AIM OF THE EXERCISE ▸ Copy the entries below exactly. Images do not belong in the copy.

======== GIVEN DATA ========

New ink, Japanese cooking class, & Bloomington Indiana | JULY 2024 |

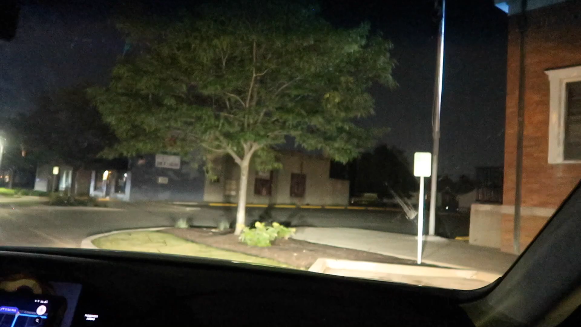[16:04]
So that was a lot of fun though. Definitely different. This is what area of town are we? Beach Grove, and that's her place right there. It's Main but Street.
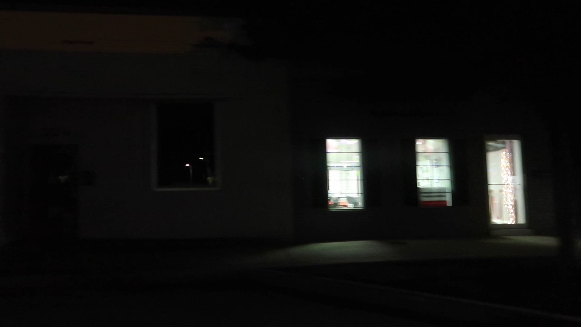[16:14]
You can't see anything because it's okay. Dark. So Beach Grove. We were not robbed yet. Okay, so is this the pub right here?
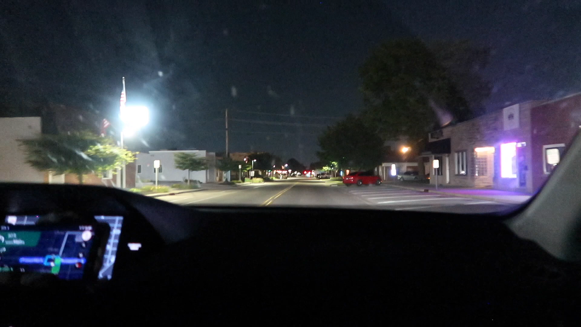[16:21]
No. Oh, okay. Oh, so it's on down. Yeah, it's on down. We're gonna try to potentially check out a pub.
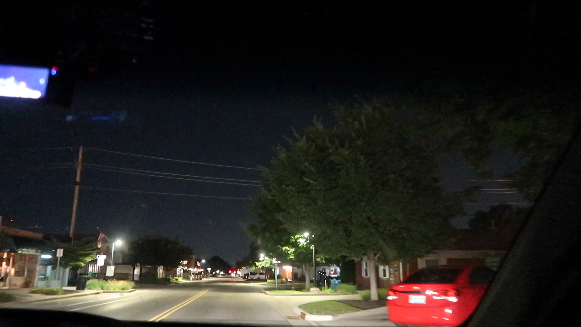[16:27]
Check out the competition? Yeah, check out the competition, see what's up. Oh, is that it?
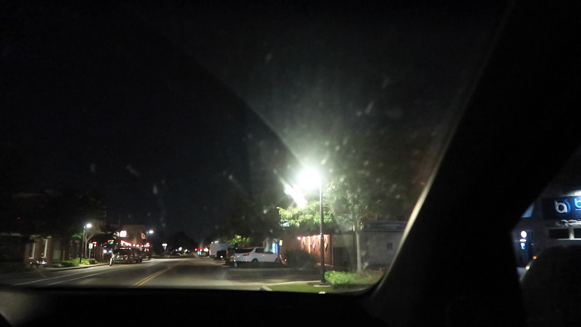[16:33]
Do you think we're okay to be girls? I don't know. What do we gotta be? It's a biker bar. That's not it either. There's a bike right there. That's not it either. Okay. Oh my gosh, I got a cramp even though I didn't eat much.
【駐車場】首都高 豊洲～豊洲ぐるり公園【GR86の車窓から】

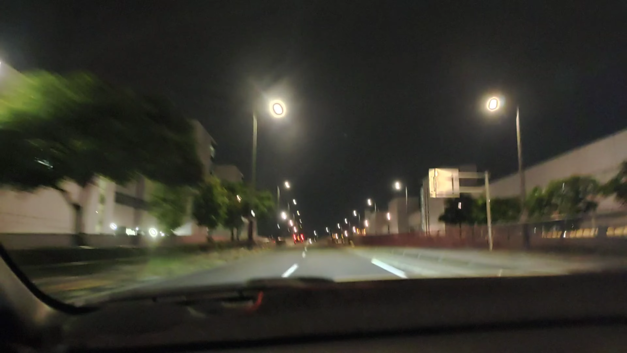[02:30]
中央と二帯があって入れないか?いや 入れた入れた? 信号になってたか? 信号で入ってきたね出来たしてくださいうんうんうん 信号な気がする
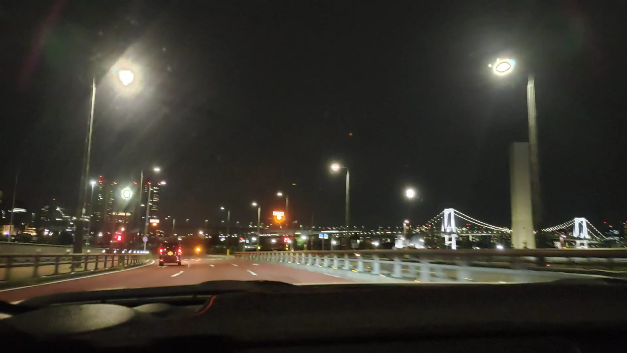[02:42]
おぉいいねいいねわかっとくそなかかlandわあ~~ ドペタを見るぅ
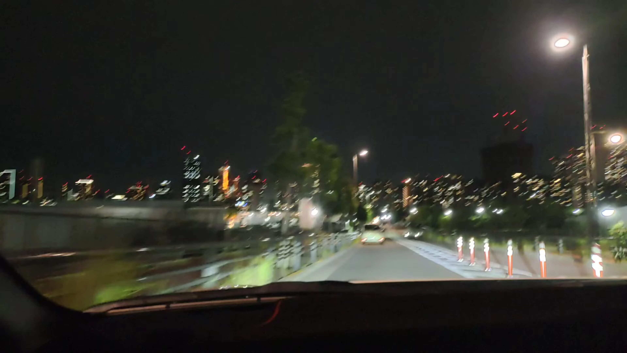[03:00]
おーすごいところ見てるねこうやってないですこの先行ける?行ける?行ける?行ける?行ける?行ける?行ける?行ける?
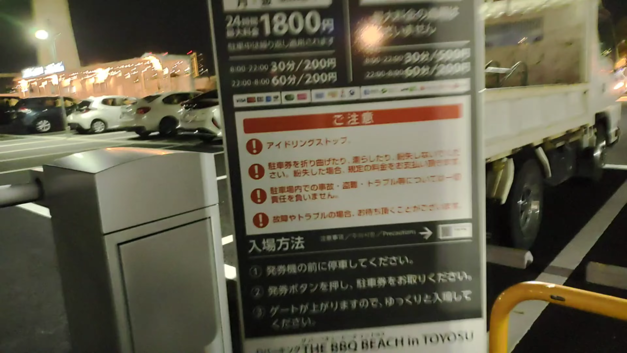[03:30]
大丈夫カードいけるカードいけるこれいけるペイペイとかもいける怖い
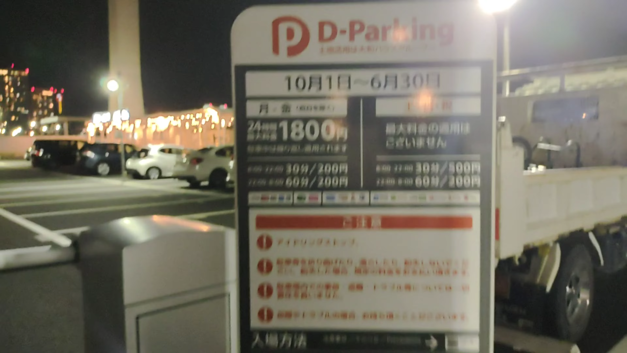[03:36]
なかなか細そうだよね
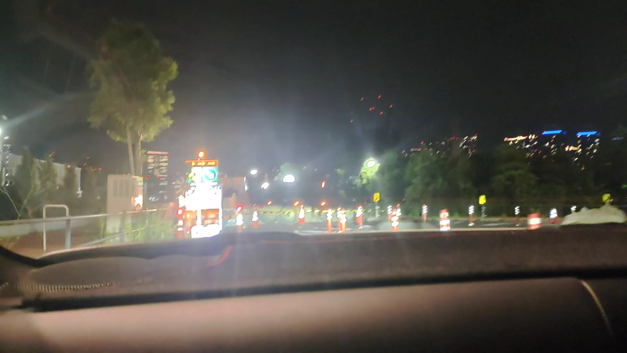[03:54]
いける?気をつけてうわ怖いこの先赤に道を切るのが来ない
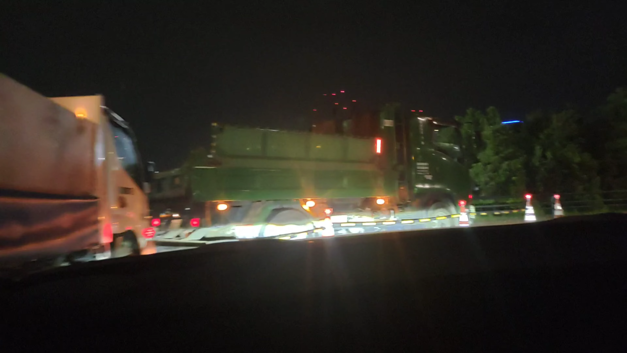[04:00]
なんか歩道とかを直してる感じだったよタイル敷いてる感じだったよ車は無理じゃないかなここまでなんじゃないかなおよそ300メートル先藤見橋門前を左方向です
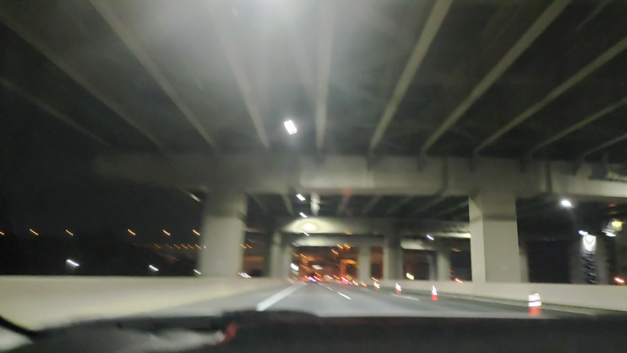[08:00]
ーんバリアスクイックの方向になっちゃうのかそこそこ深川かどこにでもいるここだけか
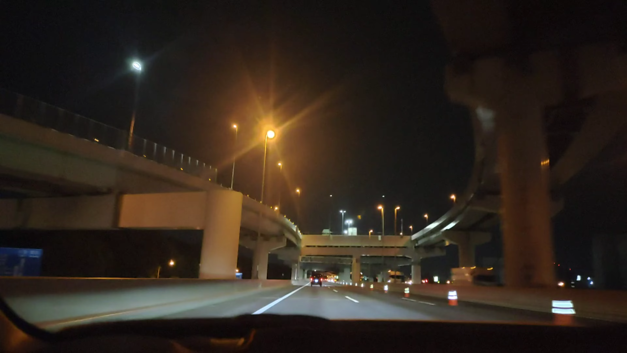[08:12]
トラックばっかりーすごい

========

TASK RESULT ▸
New ink, Japanese cooking class, & Bloomington Indiana | JULY 2024 |

[16:04]
So that was a lot of fun though. Definitely different. This is what area of town are we? Beach Grove, and that's her place right there. It's Main but Street.
[16:14]
You can't see anything because it's okay. Dark. So Beach Grove. We were not robbed yet. Okay, so is this the pub right here?
[16:21]
No. Oh, okay. Oh, so it's on down. Yeah, it's on down. We're gonna try to potentially check out a pub.
[16:27]
Check out the competition? Yeah, check out the competition, see what's up. Oh, is that it?
[16:33]
Do you think we're okay to be girls? I don't know. What do we gotta be? It's a biker bar. That's not it either. There's a bike right there. That's not it either. Okay. Oh my gosh, I got a cramp even though I didn't eat much.
【駐車場】首都高 豊洲～豊洲ぐるり公園【GR86の車窓から】

[02:30]
中央と二帯があって入れないか?いや 入れた入れた? 信号になってたか? 信号で入ってきたね出来たしてくださいうんうんうん 信号な気がする
[02:42]
おぉいいねいいねわかっとくそなかかlandわあ~~ ドペタを見るぅ
[03:00]
おーすごいところ見てるねこうやってないですこの先行ける?行ける?行ける?行ける?行ける?行ける?行ける?行ける?
[03:30]
大丈夫カードいけるカードいけるこれいけるペイペイとかもいける怖い
[03:36]
なかなか細そうだよね
[03:54]
いける?気をつけてうわ怖いこの先赤に道を切るのが来ない
[04:00]
なんか歩道とかを直してる感じだったよタイル敷いてる感じだったよ車は無理じゃないかなここまでなんじゃないかなおよそ300メートル先藤見橋門前を左方向です
[08:00]
ーんバリアスクイックの方向になっちゃうのかそこそこ深川かどこにでもいるここだけか
[08:12]
トラックばっかりーすごい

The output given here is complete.